If so, then Beer es-Samman becomes the most obvious candidate for such an entrance. The belief held locally by village elders that it allowed access to a tunnel system that led eventually to a subterranean 'city' or 'palace' should be taken very seriously indeed. Moreover, the author has recently uncovered evidence that the subterranean passage that leads away from Beer es-Samman is said to link to another well 400 metres to the north-northeast in the Valley Temple of Khafre, just beyond the right paw of the Sphinx. This is exactly where Edgar Cayce predicted an entrance to a passageway leading to the Hall of Records would be found.

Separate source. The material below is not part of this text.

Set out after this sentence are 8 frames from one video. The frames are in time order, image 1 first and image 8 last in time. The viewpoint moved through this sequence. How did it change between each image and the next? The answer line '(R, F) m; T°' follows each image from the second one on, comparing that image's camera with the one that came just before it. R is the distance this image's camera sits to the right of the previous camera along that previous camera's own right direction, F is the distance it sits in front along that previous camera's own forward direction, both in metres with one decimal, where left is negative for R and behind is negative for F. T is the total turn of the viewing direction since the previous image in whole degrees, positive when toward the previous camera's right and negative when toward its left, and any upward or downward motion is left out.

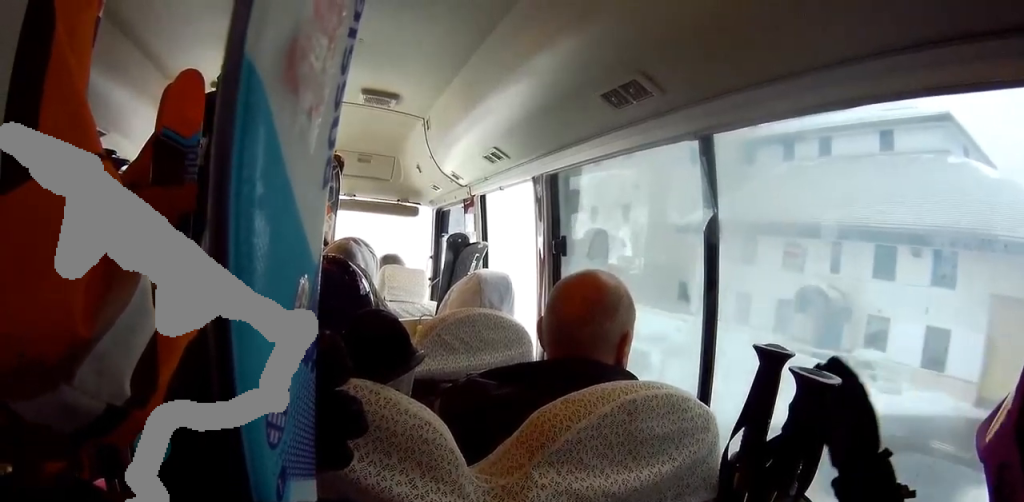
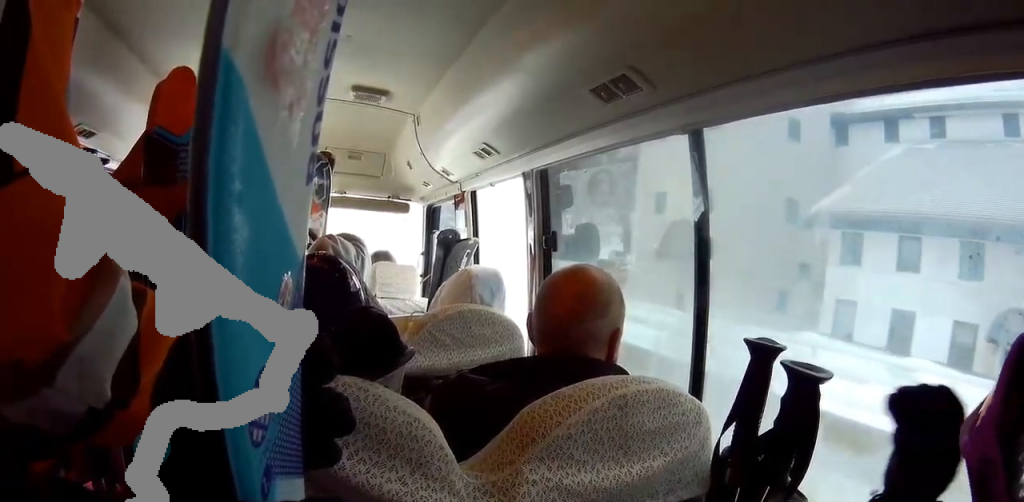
(-0.5, +9.6) m; -1°
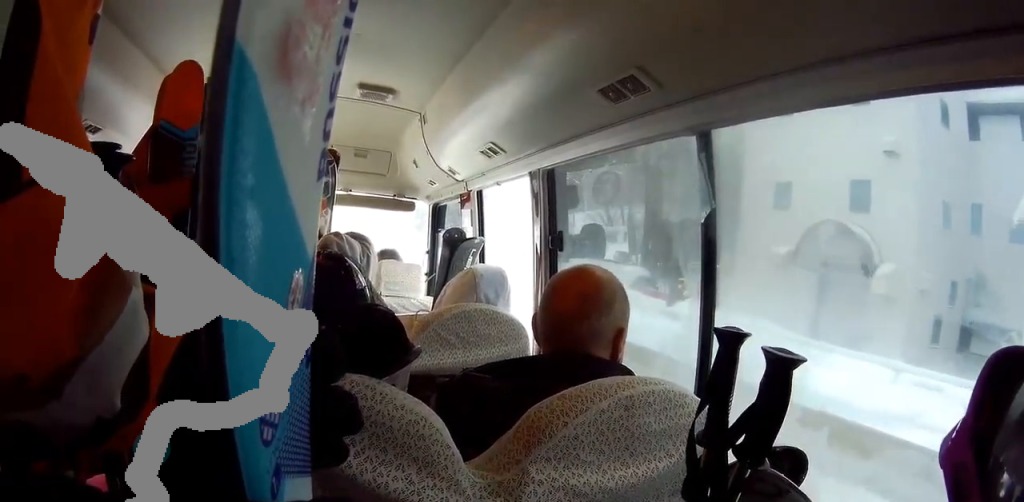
(+0.2, +9.4) m; +2°
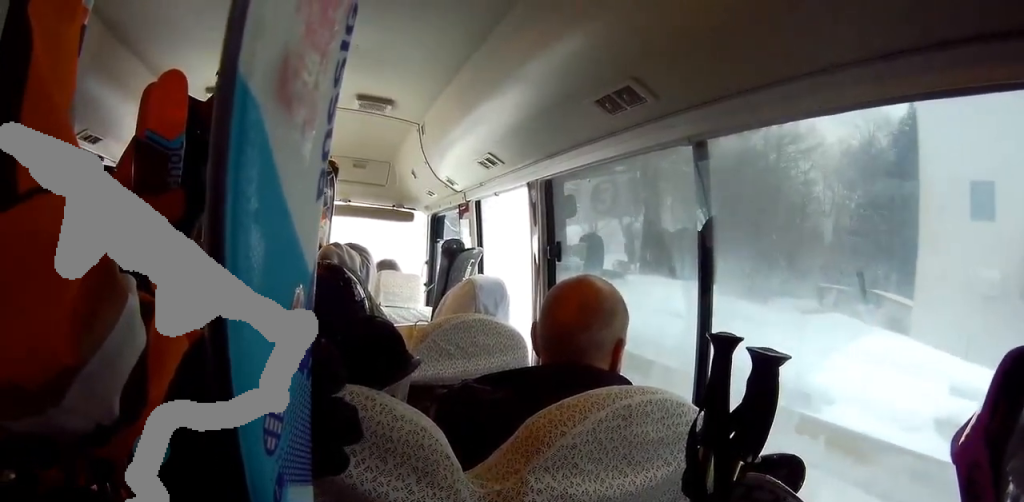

The role played at Giza by Gebel Ghibli and the well Beer es-Samman was becoming clearer, but why exactly was Cygnus so important to the ancient Egyptian mindset, especially at Giza? Would its role at Giza help us to uncover even more about the plateau's chthonic domain?


Eight
He Who Unfolds Two Wings

The protective wings of a bird, particularly the hawk, falcon or vulture, were very significant in the funerary religion of ancient Egypt. The soul, or ba, of the deceased was depicted as a human-headed falcon on its journey into an afterlife among the stars, while a protective falcon is shown squatting with its wings outspread on the roof of the shrine on Sokar's henu-boat. A similar protective falcon is seen on the roof of Osiris's funerary shrine, and often the pharaoh was depicted as a child beneath the protective wings of Horus. Most famously, a life-size seated statue of Khafre - builder of the Second Pyramid - carved in hard speckled diorite and found down the aforementioned well in the Valley Temple of Khafre, next to the Sphinx, in the nineteenth century, shows a falcon on the king's shoulders with its protective wings embracing his neck. Was this protective role of the divine falcon the inspiration behind the Giza Pyramids being laid out to mimic the stars forming the outstretched wings of the celestial bird? If so, then can we go on to identify the constellation's role in ancient Egyptian cosmology?
Khafre with protective falcon.

In Egypt's New Kingdom, c. 1575-1087 BC, Giza's Great Sphinx bore the name Hor-em-akhet, Horus-in-the Horizon (the Greek Harmachis), a form of the god Horus the Elder, whose usual guise was as the divine falcon. Was it possible that the divine falcon of ancient Egyptian mythology was in some way connected with Cygnus's role as a protective influence over the Giza Pyramids?


The Sphinx was known as Hor-em-akhet, Horus in the Horizon.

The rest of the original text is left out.